**** Dataset entries ****
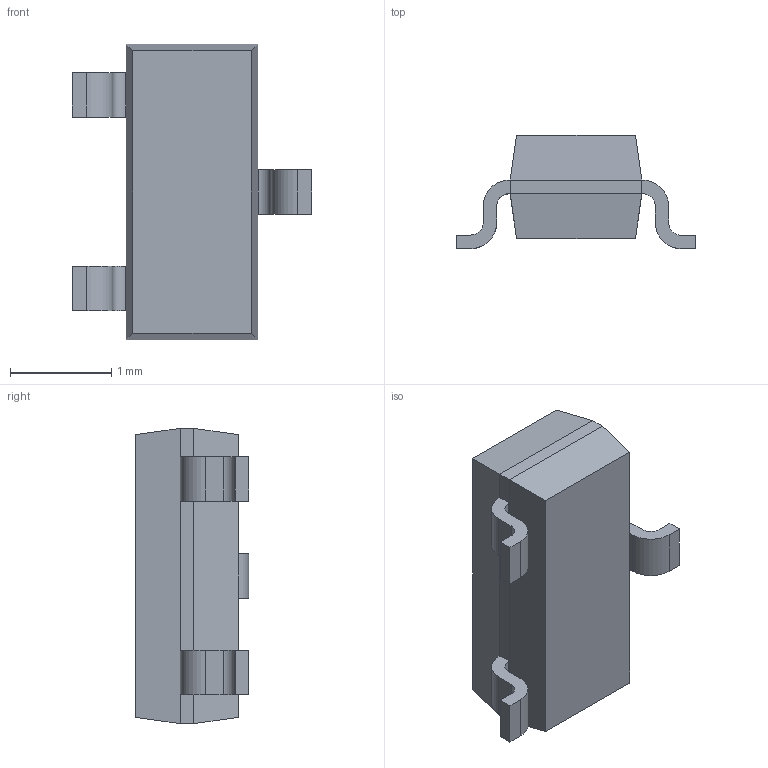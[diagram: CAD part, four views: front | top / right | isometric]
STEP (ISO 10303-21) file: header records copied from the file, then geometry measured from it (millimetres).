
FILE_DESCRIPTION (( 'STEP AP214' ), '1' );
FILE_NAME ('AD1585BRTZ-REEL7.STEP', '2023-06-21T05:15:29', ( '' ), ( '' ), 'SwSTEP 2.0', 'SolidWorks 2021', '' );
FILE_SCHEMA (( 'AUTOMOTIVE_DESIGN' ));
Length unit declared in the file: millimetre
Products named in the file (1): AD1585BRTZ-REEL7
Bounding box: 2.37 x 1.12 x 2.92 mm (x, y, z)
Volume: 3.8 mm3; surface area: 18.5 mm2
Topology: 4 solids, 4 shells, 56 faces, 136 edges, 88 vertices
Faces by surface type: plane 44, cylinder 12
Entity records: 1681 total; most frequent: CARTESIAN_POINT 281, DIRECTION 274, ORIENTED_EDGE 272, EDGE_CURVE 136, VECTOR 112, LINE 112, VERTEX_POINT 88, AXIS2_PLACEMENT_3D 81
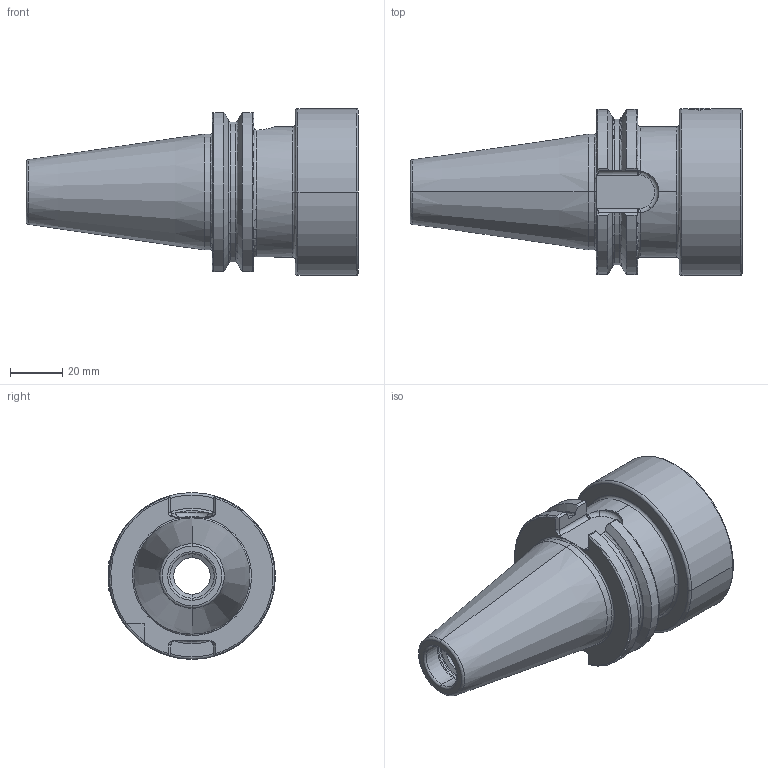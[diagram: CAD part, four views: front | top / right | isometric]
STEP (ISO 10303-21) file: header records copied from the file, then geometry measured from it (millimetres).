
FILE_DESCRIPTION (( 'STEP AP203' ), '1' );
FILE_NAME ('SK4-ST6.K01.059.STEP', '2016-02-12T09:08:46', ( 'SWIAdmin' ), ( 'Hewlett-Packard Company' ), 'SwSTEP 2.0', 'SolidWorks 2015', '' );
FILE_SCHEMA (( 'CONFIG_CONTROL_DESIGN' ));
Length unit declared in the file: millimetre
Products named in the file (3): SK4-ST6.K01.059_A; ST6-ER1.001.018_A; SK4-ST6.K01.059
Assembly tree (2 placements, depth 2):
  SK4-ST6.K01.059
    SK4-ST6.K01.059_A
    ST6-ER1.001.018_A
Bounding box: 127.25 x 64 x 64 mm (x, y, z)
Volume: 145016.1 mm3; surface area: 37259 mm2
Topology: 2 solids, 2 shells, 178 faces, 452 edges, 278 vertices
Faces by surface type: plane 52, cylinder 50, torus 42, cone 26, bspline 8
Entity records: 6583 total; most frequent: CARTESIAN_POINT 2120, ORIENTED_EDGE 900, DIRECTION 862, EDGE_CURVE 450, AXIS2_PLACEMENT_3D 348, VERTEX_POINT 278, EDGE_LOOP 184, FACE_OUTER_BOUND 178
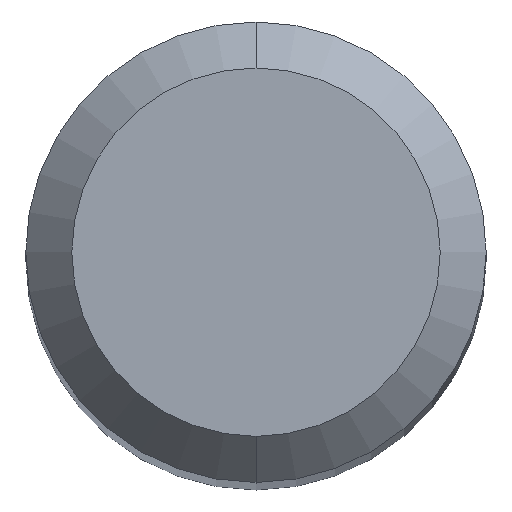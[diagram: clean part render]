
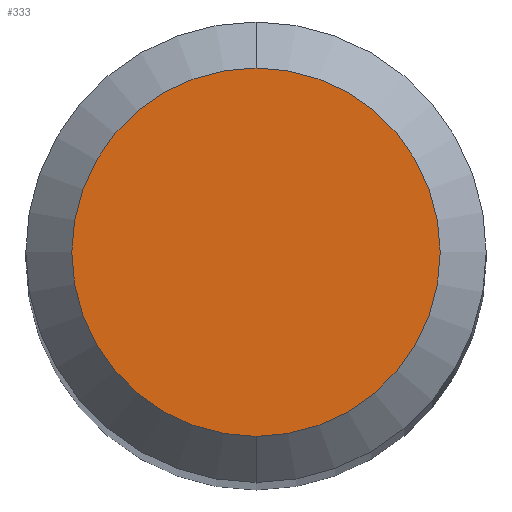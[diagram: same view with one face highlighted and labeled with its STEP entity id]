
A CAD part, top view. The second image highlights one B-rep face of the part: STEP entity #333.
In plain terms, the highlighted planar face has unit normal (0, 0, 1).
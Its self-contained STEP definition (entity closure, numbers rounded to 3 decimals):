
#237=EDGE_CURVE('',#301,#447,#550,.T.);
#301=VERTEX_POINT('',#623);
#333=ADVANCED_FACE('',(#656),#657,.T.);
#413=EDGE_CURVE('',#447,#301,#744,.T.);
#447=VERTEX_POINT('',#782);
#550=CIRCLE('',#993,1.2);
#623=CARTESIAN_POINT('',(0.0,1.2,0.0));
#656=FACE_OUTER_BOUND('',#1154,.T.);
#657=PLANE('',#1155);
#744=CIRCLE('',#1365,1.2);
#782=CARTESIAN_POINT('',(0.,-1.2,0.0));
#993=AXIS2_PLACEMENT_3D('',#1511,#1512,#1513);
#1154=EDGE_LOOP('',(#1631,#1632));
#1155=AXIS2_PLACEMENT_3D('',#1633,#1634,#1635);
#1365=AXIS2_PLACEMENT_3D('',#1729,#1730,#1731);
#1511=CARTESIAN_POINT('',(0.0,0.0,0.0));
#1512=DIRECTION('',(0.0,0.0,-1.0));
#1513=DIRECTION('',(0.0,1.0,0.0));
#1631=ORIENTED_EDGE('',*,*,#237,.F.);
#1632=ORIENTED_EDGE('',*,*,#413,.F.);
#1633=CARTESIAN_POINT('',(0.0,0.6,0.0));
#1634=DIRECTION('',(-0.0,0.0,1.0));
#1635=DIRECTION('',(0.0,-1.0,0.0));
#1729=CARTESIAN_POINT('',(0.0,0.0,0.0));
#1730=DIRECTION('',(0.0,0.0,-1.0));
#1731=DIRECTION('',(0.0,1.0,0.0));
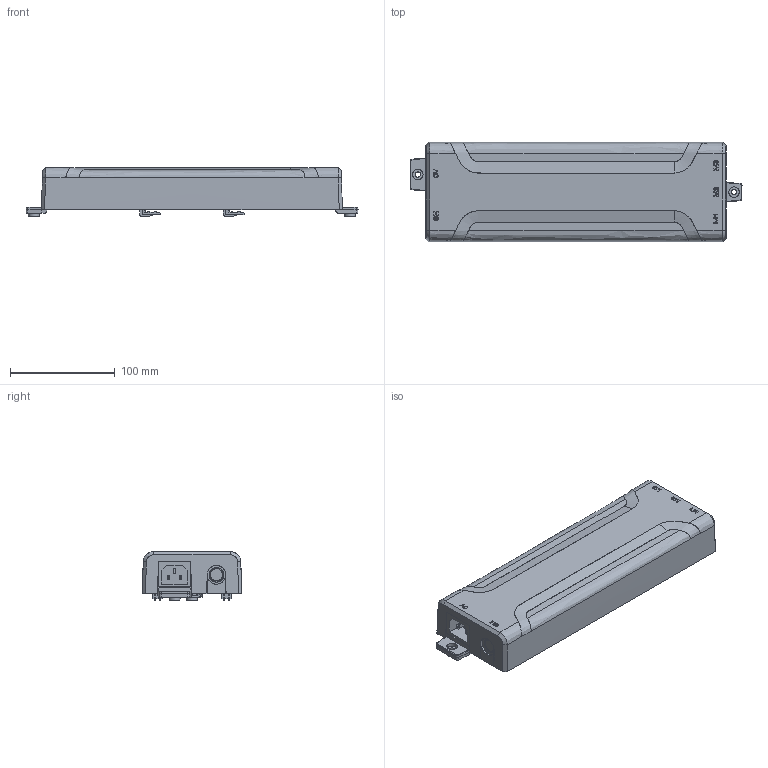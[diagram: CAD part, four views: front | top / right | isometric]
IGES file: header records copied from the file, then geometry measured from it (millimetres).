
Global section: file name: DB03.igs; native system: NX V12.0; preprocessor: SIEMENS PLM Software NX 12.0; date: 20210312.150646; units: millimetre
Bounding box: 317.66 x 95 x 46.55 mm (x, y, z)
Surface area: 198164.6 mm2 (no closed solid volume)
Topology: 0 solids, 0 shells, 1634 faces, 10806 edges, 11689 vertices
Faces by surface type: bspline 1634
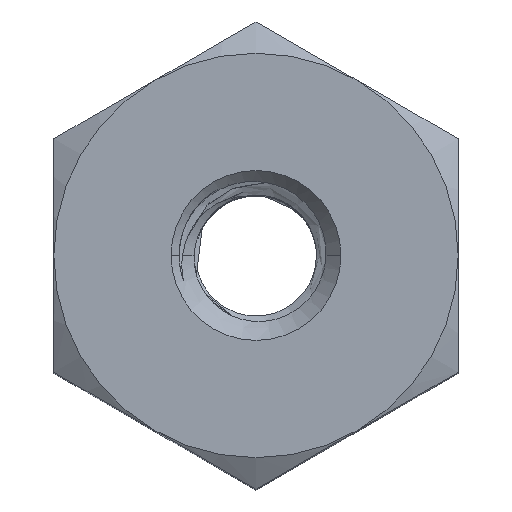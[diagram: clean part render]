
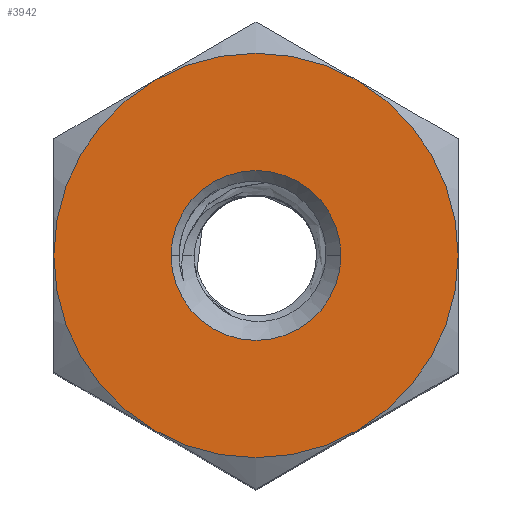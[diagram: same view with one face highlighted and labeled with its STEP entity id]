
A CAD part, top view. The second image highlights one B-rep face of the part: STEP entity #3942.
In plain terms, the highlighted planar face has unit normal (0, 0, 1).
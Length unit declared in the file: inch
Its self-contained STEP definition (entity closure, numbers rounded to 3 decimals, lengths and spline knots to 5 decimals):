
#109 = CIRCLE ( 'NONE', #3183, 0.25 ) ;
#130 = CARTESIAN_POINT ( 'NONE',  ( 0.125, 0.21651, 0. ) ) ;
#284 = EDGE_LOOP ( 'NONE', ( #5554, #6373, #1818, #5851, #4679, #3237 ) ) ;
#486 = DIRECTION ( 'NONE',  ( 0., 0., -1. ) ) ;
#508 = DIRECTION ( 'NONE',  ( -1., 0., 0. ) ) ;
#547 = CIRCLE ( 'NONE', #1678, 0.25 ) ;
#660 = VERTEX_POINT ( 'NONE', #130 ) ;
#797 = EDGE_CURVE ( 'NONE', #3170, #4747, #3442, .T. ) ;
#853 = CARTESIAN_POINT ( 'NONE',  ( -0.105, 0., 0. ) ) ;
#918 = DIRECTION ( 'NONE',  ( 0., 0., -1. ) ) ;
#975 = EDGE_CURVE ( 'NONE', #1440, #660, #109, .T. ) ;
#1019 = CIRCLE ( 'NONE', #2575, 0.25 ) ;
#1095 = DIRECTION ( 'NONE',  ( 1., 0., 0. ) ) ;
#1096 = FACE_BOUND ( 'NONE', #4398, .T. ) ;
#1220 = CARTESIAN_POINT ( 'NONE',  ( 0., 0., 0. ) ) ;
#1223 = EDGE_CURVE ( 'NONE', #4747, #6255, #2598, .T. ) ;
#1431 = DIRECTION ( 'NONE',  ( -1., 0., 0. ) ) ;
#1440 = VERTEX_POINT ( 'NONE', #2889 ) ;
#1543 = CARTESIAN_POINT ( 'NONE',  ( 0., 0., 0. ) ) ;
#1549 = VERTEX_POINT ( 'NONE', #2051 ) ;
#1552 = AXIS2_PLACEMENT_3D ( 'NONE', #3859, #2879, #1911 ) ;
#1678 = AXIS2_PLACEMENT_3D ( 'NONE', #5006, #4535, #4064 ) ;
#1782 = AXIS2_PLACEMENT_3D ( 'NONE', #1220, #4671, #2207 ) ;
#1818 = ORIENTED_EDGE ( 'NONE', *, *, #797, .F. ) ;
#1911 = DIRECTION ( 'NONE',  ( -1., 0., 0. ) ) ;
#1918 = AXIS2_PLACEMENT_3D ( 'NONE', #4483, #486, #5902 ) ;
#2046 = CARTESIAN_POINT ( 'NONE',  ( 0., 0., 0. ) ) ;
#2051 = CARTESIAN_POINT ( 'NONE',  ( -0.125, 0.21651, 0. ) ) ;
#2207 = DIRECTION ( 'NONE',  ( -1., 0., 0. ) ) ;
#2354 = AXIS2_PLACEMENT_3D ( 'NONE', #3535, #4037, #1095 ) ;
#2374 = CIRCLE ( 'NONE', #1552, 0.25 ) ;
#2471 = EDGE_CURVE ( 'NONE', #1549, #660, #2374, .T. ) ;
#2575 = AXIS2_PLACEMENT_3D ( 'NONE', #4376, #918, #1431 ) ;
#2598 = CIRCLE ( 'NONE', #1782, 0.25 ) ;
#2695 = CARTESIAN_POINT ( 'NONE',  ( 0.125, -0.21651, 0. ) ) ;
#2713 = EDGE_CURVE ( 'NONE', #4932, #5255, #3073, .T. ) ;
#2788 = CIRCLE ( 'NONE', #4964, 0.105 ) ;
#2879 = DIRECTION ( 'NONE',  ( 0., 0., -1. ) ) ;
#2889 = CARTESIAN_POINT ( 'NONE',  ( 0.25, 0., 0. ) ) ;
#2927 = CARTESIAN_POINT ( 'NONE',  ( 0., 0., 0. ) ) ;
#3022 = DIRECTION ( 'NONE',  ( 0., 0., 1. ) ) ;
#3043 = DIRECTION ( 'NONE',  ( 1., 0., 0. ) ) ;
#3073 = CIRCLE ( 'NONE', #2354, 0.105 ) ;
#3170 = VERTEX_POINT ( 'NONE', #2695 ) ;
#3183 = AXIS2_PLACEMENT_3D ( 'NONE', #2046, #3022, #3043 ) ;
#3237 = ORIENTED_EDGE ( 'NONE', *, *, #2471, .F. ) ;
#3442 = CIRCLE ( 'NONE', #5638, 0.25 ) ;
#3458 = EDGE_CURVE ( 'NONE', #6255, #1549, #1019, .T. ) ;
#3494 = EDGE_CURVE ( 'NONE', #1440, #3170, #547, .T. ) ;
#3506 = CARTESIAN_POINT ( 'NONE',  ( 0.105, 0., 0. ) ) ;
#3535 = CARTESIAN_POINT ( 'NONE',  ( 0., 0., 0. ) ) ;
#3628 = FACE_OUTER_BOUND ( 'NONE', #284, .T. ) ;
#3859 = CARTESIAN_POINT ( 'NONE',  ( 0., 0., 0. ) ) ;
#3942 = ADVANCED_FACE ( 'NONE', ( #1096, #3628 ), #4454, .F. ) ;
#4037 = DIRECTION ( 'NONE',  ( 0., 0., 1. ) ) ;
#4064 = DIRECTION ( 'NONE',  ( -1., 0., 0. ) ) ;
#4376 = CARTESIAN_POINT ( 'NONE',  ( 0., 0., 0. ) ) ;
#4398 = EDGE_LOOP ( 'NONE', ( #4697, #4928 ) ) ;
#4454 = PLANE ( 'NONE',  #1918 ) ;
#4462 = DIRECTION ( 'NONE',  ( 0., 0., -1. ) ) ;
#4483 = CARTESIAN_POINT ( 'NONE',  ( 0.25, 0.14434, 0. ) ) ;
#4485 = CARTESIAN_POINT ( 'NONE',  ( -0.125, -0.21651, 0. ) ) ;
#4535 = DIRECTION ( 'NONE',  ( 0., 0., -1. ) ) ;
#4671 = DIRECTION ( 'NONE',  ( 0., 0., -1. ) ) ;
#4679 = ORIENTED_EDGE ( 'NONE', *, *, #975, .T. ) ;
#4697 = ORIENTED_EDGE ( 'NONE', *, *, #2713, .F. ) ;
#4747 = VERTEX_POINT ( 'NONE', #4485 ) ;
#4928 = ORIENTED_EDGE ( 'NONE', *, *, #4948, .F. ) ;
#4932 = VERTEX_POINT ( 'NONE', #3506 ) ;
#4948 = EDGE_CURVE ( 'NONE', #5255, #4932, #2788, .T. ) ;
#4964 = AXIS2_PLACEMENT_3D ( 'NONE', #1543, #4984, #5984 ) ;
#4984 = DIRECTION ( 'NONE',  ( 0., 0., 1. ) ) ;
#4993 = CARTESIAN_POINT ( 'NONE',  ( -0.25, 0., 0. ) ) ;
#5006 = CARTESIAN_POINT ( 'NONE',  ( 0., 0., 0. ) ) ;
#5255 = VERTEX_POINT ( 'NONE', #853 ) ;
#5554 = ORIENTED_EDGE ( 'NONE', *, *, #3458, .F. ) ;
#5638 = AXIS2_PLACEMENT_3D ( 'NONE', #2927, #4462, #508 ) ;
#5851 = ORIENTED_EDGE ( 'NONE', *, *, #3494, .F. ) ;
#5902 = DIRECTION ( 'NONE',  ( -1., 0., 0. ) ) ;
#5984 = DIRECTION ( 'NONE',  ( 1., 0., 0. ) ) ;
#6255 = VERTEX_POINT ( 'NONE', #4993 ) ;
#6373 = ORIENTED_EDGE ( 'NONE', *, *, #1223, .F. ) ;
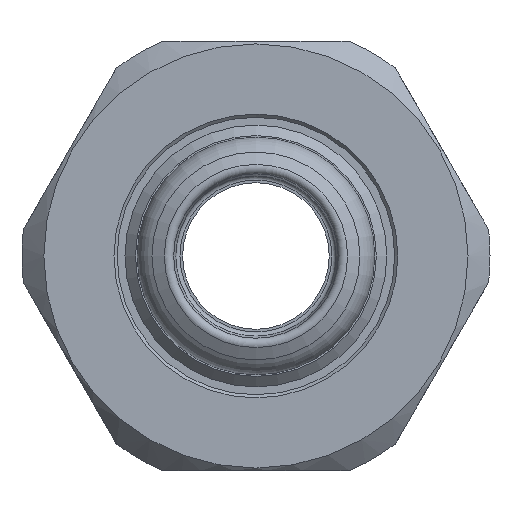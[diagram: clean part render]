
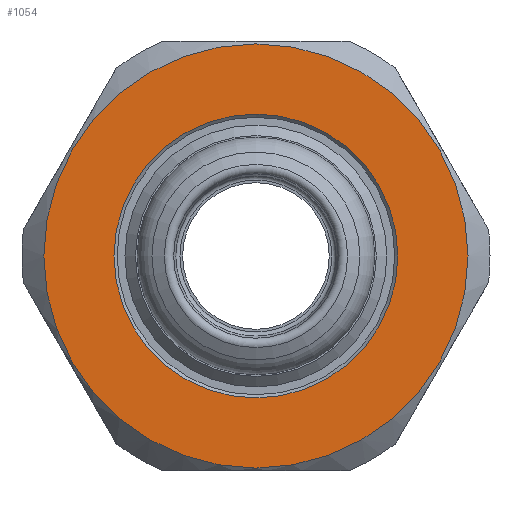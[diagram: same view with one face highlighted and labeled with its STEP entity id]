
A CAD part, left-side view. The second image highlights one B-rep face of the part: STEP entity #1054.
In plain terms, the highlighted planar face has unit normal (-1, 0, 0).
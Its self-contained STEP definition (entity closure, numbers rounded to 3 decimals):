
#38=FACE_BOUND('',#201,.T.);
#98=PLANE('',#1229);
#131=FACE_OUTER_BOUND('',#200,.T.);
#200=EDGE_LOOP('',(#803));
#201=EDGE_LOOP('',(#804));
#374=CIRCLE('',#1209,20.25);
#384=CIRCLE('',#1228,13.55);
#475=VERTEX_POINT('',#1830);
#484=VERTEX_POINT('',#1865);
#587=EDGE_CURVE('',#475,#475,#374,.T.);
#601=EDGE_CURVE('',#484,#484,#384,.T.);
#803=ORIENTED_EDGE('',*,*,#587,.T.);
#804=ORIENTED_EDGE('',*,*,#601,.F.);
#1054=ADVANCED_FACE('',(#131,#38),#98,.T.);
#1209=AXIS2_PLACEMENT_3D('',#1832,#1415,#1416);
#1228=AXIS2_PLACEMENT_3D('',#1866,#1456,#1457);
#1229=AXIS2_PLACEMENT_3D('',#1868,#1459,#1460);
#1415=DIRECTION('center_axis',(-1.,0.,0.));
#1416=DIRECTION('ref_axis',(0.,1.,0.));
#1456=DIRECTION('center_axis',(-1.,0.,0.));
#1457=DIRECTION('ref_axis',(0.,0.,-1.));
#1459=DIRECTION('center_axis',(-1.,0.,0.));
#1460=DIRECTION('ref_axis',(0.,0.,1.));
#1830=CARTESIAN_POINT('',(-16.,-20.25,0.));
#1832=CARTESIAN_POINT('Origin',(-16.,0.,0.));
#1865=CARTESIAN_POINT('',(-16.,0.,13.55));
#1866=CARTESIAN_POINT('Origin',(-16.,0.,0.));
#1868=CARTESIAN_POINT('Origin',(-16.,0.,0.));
****
▸ **Action item**: In the listing above, find the line with "#2207 = DIRECTION" and the line with "#4064 = DIRECTION"; output exactly those lines and all lines between them.

▸ **Exercise result**:
#2207 = DIRECTION ( 'NONE',  ( -1., 0., 0. ) ) ;
#2354 = AXIS2_PLACEMENT_3D ( 'NONE', #3535, #4037, #1095 ) ;
#2374 = CIRCLE ( 'NONE', #1552, 0.25 ) ;
#2471 = EDGE_CURVE ( 'NONE', #1549, #660, #2374, .T. ) ;
#2575 = AXIS2_PLACEMENT_3D ( 'NONE', #4376, #918, #1431 ) ;
#2598 = CIRCLE ( 'NONE', #1782, 0.25 ) ;
#2695 = CARTESIAN_POINT ( 'NONE',  ( 0.125, -0.21651, 0. ) ) ;
#2713 = EDGE_CURVE ( 'NONE', #4932, #5255, #3073, .T. ) ;
#2788 = CIRCLE ( 'NONE', #4964, 0.105 ) ;
#2879 = DIRECTION ( 'NONE',  ( 0., 0., -1. ) ) ;
#2889 = CARTESIAN_POINT ( 'NONE',  ( 0.25, 0., 0. ) ) ;
#2927 = CARTESIAN_POINT ( 'NONE',  ( 0., 0., 0. ) ) ;
#3022 = DIRECTION ( 'NONE',  ( 0., 0., 1. ) ) ;
#3043 = DIRECTION ( 'NONE',  ( 1., 0., 0. ) ) ;
#3073 = CIRCLE ( 'NONE', #2354, 0.105 ) ;
#3170 = VERTEX_POINT ( 'NONE', #2695 ) ;
#3183 = AXIS2_PLACEMENT_3D ( 'NONE', #2046, #3022, #3043 ) ;
#3237 = ORIENTED_EDGE ( 'NONE', *, *, #2471, .F. ) ;
#3442 = CIRCLE ( 'NONE', #5638, 0.25 ) ;
#3458 = EDGE_CURVE ( 'NONE', #6255, #1549, #1019, .T. ) ;
#3494 = EDGE_CURVE ( 'NONE', #1440, #3170, #547, .T. ) ;
#3506 = CARTESIAN_POINT ( 'NONE',  ( 0.105, 0., 0. ) ) ;
#3535 = CARTESIAN_POINT ( 'NONE',  ( 0., 0., 0. ) ) ;
#3628 = FACE_OUTER_BOUND ( 'NONE', #284, .T. ) ;
#3859 = CARTESIAN_POINT ( 'NONE',  ( 0., 0., 0. ) ) ;
#3942 = ADVANCED_FACE ( 'NONE', ( #1096, #3628 ), #4454, .F. ) ;
#4037 = DIRECTION ( 'NONE',  ( 0., 0., 1. ) ) ;
#4064 = DIRECTION ( 'NONE',  ( -1., 0., 0. ) ) ;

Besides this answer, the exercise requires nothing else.